Now, why can the logician not prove that Jal is a truther? This can be seen very straightforwardly: we just proved that Jal is a truther, which means that all of Jal’s statements must be true. So in particular, Jal’s statement that “you will never prove that I am a truther” must be true. So in other words, it’s true that the logician will never prove that Jal is a truther!

So there you have it, a statement that appears to satisfy both of the criteria!

But now the next question I have for you is a bit trickier. It appears from the line of reasoning above that we have just proven that Jal is a truther. So why couldn’t the logician just run through that exact same line of reasoning? It appears to be perfectly valid, and to use nothing more advanced than basic predicate logic.

But if the logician does go through that line of reasoning, then he will conclude that Jal is a truther, which will make Jal’s statement false, which is a contradiction! So we’ve gone from something which was maybe just unintuitive to an actual paradox. Can you see how to resolve this paradox? (Again, see if you can figure it out yourself before reading on!)

(…)

Okay, so here’s the resolution. If we say that the logician can go through the same line of reasoning as us, then we reach a contradiction (that a truther tells a false statement). So we must deny that the logician can go through the same line of reasoning as us. But why not? As I said above, the reasoning is nothing more complicated than basic predicate logic. So it’s not that we’re using some magical supernatural rules of inference that no mortal logician could get his hands on. It must be that one of the assumptions we used in the argument is an assumption that the logician cannot use.

So look back through the argument, and carefully consider each of the assumptions we used:

First of all, why does it entail that Jal is a truther? Let’s prove it by contradiction. Suppose that Jal is not a truther. Then, since Jal is either a truther or a liar, Jal must be a liar. That means that every statement Jal makes must be false. So in particular, Jal’s statement that “you will never prove that I am a truther” must be false. This entails that the logician must eventually prove that Jal is a truther. But we assumed that Jal isn’t a truther! So the logician must eventually prove a falsehood. But remember, we assumed that our logician’s proofs were always sound, so that he will never prove a falsehood. So we have a contradiction.

In order, we made use of the assumptions that (1) Jal is either a truther or a liar, (2) every statement made by a liar is false, and (3) the logician is a sound reasoner.

I told you at the beginning that facts (1) through (2) are all known to the logician, but I did not say the same of (3)! The logician can only run through this argument if he knows that he is a sound reasoner (that he only proves true things). And this is the problem assumption, which must be rejected.

It’s not that no logician can actually ever be sound (a logician who only ever reasons in first order logic and nothing more fancy would be sound). It’s that the logician, though he really is sound, cannot know himself to be sound. In other words, no sound system can prove its own soundness!

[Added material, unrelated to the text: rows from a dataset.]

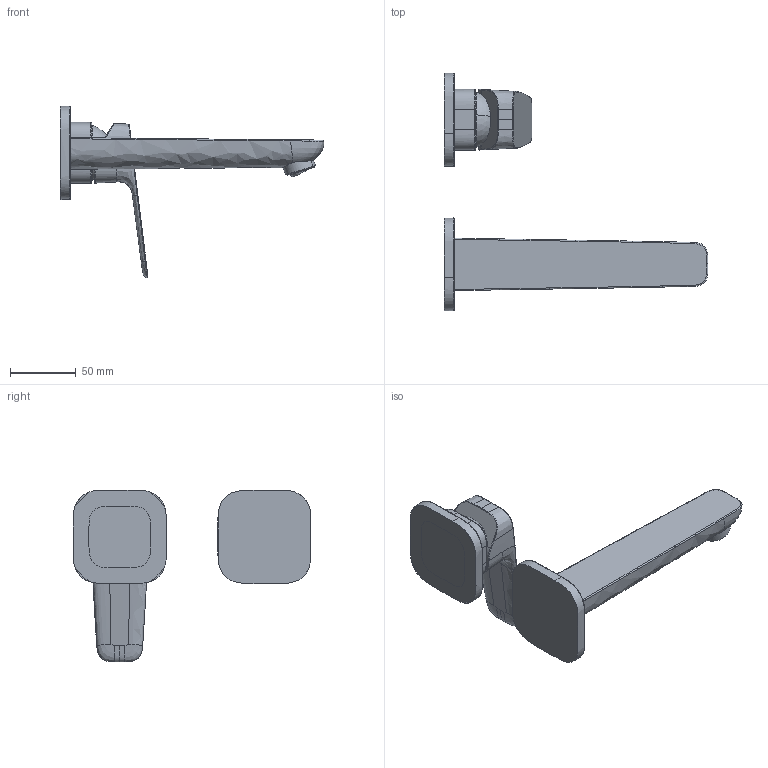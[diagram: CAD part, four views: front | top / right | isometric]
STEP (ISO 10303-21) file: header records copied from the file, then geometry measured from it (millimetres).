
FILE_DESCRIPTION(/* description */ ('AP214 STEP file'),/* implementation_level */ '2;1');
FILE_NAME(/* name */ '1017880000_out.stp',/* time_stamp */ '2025-01-23T11:03:25+01:00',/* author */ (''),/* organization */ (''),/* preprocessor_version */ 'ST-DEVELOPER v18.1',/* originating_system */ 'Elysium Co. Ltd. STEP Translator v8.3.0.0',/* authorisation */ '');
FILE_SCHEMA (('AUTOMOTIVE_DESIGN { 1 0 10303 214 3 1 1 }'));
Length unit declared in the file: millimetre
Products named in the file (1): 1017880000_extract
Bounding box: 200.47 x 180.87 x 130.54 mm (x, y, z)
Volume: 300608.3 mm3; surface area: 57463.2 mm2
Topology: 2 solids, 2 shells, 168 faces, 460 edges, 304 vertices
Faces by surface type: bspline 80, cylinder 30, plane 28, extrusion 13, torus 8, cone 5, sphere 4
Entity records: 12463 total; most frequent: CARTESIAN_POINT 7618, ORIENTED_EDGE 920, EDGE_CURVE 460, B_SPLINE_CURVE_WITH_KNOTS 336, STYLED_ITEM 336, VERTEX_POINT 304, FILL_AREA_STYLE_COLOUR 179, FILL_AREA_STYLE 179
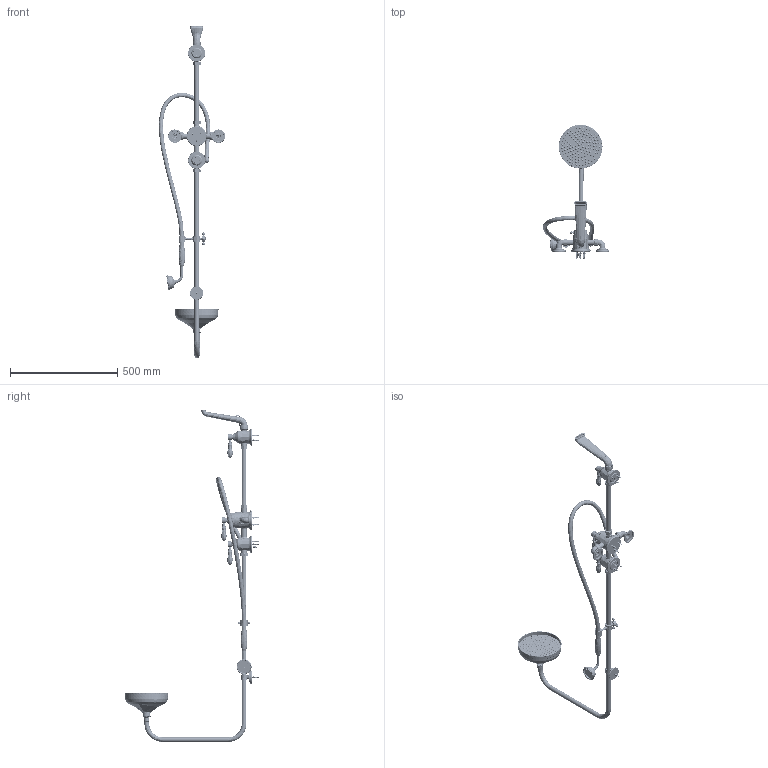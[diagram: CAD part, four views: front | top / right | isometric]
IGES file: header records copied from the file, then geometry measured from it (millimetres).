
Global section: file name: V2K4A-GC; native system: Autodesk Inventor 2018; preprocessor: unknown; author: aprice; date: 20181024.123738; units: millimetre
Bounding box: 309.62 x 628.09 x 1549.79 mm (x, y, z)
Volume: 3002729 mm3; surface area: 1091863.2 mm2
Topology: 184 solids, 200 shells, 7852 faces, 21945 edges, 14864 vertices
Faces by surface type: bspline 7852

This is very similar to Gödel’s second incompleteness theorem. The only proof system which can assert its own consistency is an inconsistent proof system, and the only type of logician that can prove his own soundness will end up being unsound. Here’s the argument that the logician might make if they believe in their own soundness:

Supposing Jal is a liar, then his statement is false, so I could eventually prove that he is a truther. But then I’d have proven something false, which I know I can never do, so Jal must not be a liar. So he must be a truther. 

Since the logician has now produced a proof that Jal is a truther, Jal’s statement is false. This means that Jal cannot be a truther, so the logician has proven a false statement!